Shares in Macarthur’s peers have dropped heavily in recent months, along with the battered equity markets, with most of its rivals losing as much as 40 to 50 percent of their market value — making the Macarthur premium even harder to justify.
“I am very surprised. I think Peabody would still do a cash and stock deal. But it does strain their balance sheet a bit,” said Meredith Bandy, analyst at BMO Capital Markets.
“It seems to be indicating that they are overpaying for MacArthur.”
Some analysts welcomed ArcelorMittal’s restraint, but others fretted over what it could mean for expectations of demand, as Arcelor has pursued a policy of pushing into mining to get direct access to the materials it needs to make steel.
“Given the recent steel price sell-off and deterioration in macro environment, this may perhaps be a sign that they are deeply concerned about the cycle,” Credit Suisse said.
Peabody’s acquisition of Macarthur will give it control of the world’s top producer of pulverized coal as demand for steel-making materials holds up in Australia’s key coal market, China.
“ArcelorMittal’s decision accelerates our ability to realize synergies, integrate the operations and benefit from results,” Peabody Chief Executive Gregory Boyce said.
Boyce welcomed the news but denied any rift with Arcelor — seen initially as an explanation for the surprise departure.
Macarthur named Eric Ford, Peabody Energy’s Chief Operating Officer, as its new chairman on Wednesday, while Julian Thornton was named Chief Executive. Thornton was previously head of Peabody Energy Australia.
The Macarthur deal is the latest in a string of acquisitions in Australian coal, as firms snap up mines positioned to feed off demand from Asian steel mills, while M&A interest in coal globally is increasing as share prices and valuations weaken.
Peabody has long been circling Macarthur but its previous efforts have failed, with a bid last year collapsing after Peabody cut its offer, blaming a new government mine tax.

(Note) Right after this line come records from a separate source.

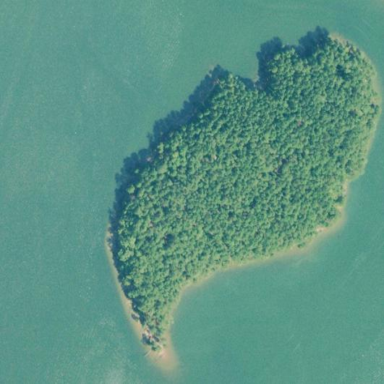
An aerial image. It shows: Island covered with woodland.
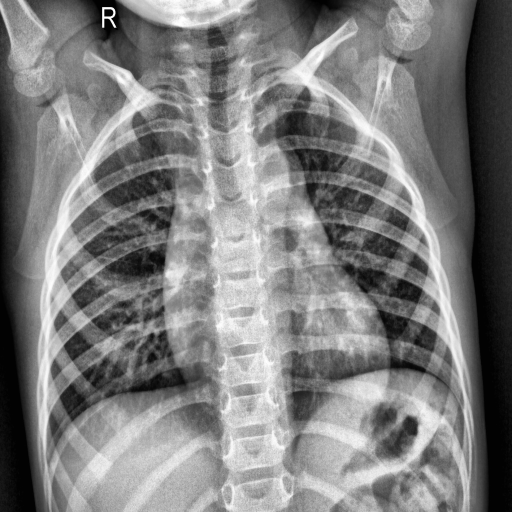
Finding: NORMAL
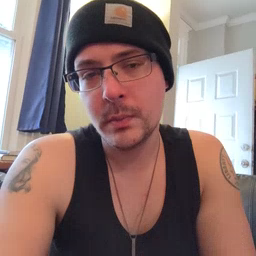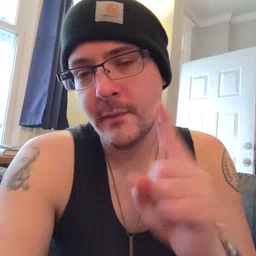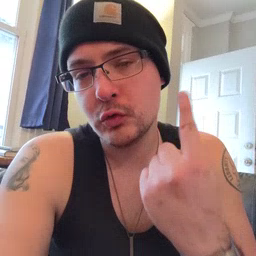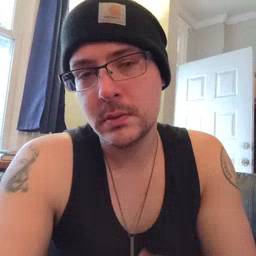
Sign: first
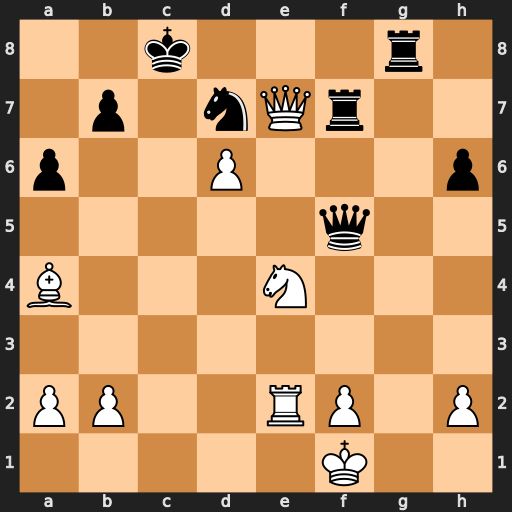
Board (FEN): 2k3r1/1p1nQr2/p2P3p/5q2/B3N3/8/PP2RP1P/5K2
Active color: w
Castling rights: -
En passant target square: -
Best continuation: Bxd7+ Qxd7 Rc2+ Kb8 Qxd7
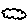
Label: cloud
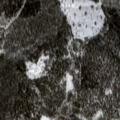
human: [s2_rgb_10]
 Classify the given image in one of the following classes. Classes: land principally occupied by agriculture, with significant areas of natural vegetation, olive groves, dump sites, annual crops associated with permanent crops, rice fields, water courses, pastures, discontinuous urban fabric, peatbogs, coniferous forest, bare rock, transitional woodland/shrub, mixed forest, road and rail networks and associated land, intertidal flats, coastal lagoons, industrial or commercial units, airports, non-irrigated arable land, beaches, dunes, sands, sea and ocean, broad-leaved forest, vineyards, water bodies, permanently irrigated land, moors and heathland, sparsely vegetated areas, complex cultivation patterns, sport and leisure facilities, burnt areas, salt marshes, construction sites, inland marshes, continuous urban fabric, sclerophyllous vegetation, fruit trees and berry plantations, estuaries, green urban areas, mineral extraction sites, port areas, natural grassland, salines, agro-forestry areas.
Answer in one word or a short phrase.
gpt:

The last remaining major shareholder in Macarthur yet to accept the Peabody offer is South Korean steelmaker POSCO (005490.KS), which owns a 7.25 percent stake.
Chung Jae-woong, POSCO spokesman in Seoul, said the company has not considered selling its stake in Macarthur.
Peabody said in Tuesday’s statement that it would now own 100 percent in PEAMCoal, as a result of Arcelor’s exit, and become owner of all the Macarthur shares that are tendered.
Under the terms of its deal with Peabody, ArcelorMittal must continue funding PEAMCoal for a further 90 days.